Подходить к ней ближе Друг пока не решился, слишком уж напряжено было это маленькое бледное тело. Он осторожно поставил на пол еду, потом тихо подошел к ведру, увидел, что его нужно опорожнить, и, ссутулившись сильнее прежнего, направился с ведром в руках к выходу.

 Зачем я здесь?  остановил Друга хриплый сорванный голос. Он обернулся:

 Чтобы вознестись.

Катю передернуло.

 Что это значит?

Этот человек оживился:

 О, я покажу тебе!  и он проворно скрылся за дверью, не забыв, конечно, ее запереть.

* * *

И он показал. О Боже, он показал.

Он вернулся очень быстро, минут через десять. С пустым ведром и зажатым под мышкой толстым альбомом для фотографий.

Когда он вошел, Катенька жадно пила воду из маленькой бутылки, и Друг отметил для себя, что нужно купить больше воды, его запасы были не велики, а она, оказывается, много пьет. Он тихонько захихикал, обнажив мелкие зубы, как у хорька.

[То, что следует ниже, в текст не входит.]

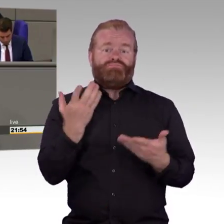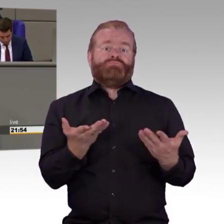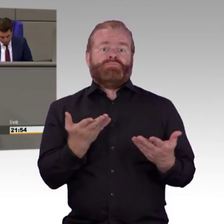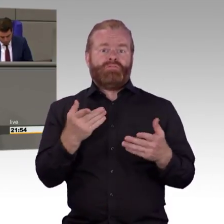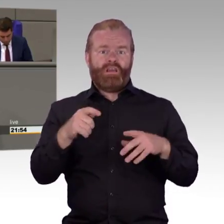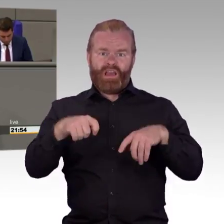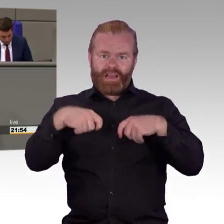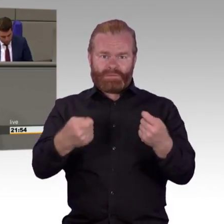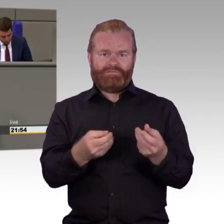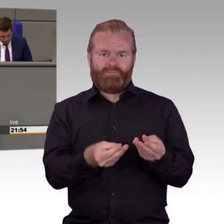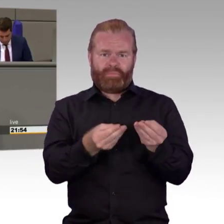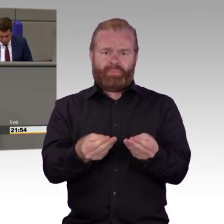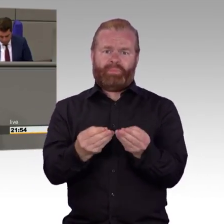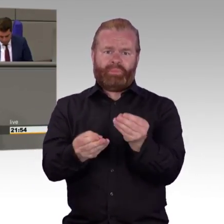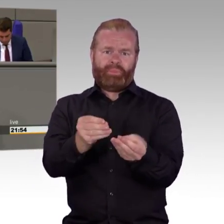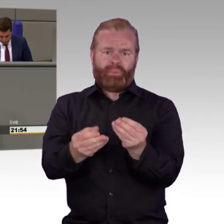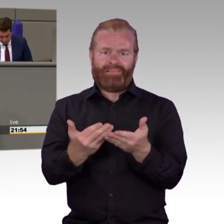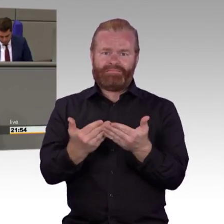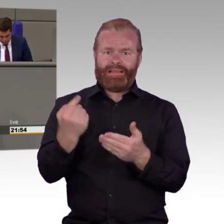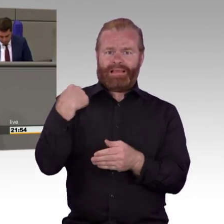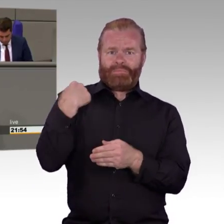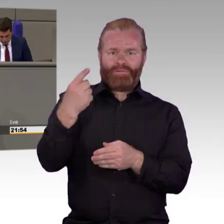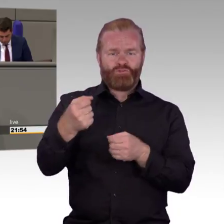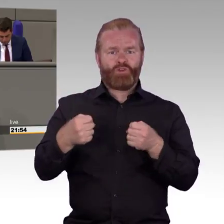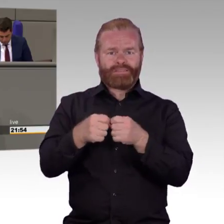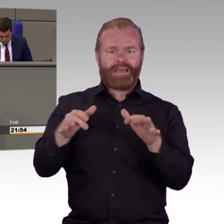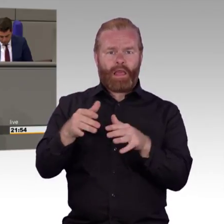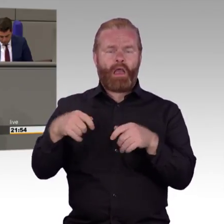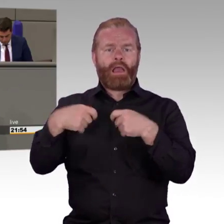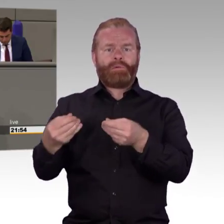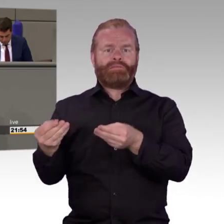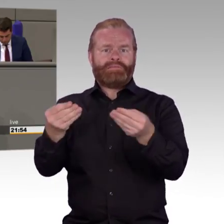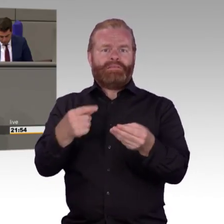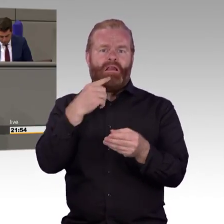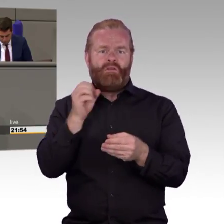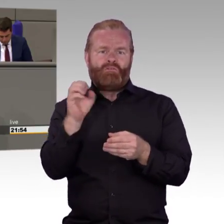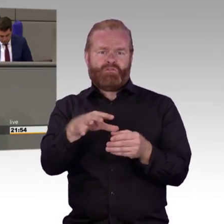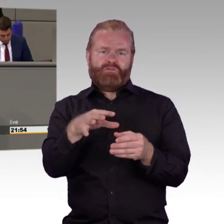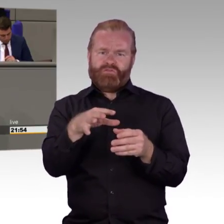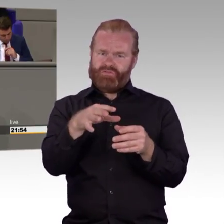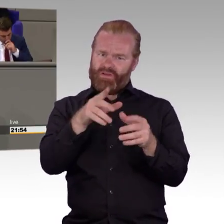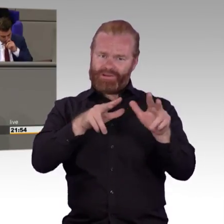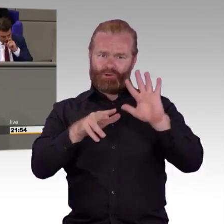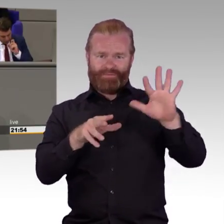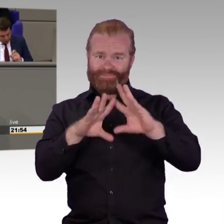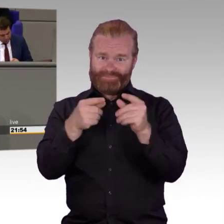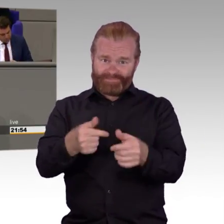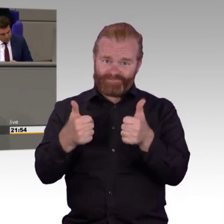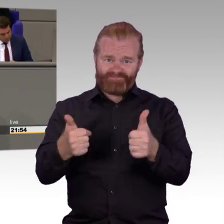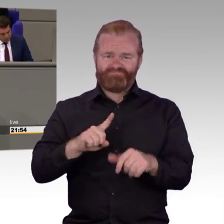Frau Doktor Anade, zitieren, die das Gesetz bewertet. Mit dieses Gesetz ist kleinmütig und rückwärtsgewandt. Ohne Not wird hier eine

Девушка оторвалась от бутылки, испуганно глядя на приближавшегося к ней человека. Ее сильно напугал этот смех  будто семиклассница разглядывает с подружкой непристойные картинки. «Он болен», вдруг поняла Катя. На грудь словно упала откуда-то ледяная глыба и оборвала дыхание. Оказалось, до этого момента по-настоящему страшно ей не было. Было зло, было яростно, было несправедливо. Но вот страшно, видимо, ещё не было. Потому что сейчас стало страшно, оглушающе, до темноты в глазах и шума в ушах. «Он болен»,  снова прозвучало в ее голове. Удивительно, как это сразу она об этом не подумала? Она не встречалась раньше с сумасшедшими. Не знала, как нужно с ними разговаривать, как смотреть, как двигаться. А может, лучше как раз не разговаривать, не смотреть и не двигаться? Катя затаила дыхание. «Посмотрим»,  прошептала она про себя, стараясь дышать как можно глубже,  «Посмотрим».

Друг тихо поставил ведро на место и уселся напротив девушки, по-турецки скрестив ноги.

 Здесь все они,  он нежно погладил кряжистыми пальцами с обкусанными ногтями толстую кожу обложки,  Все, кого я спас, все здесь.

Друг открыл первый разворот, от страниц, как всегда, потянуло легким запахом пыли и крови. Он глубоко вдохнул, запах разлился по его венам, и Друг сразу почувствовал себя спокойнее, уверенней. Ему есть, чем гордиться, и она это сразу поймет. Он бросил беглый взгляд на фотографии, потом неуверенно посмотрел на Катю, снова на фотографии. Он никому еще этого не показывал.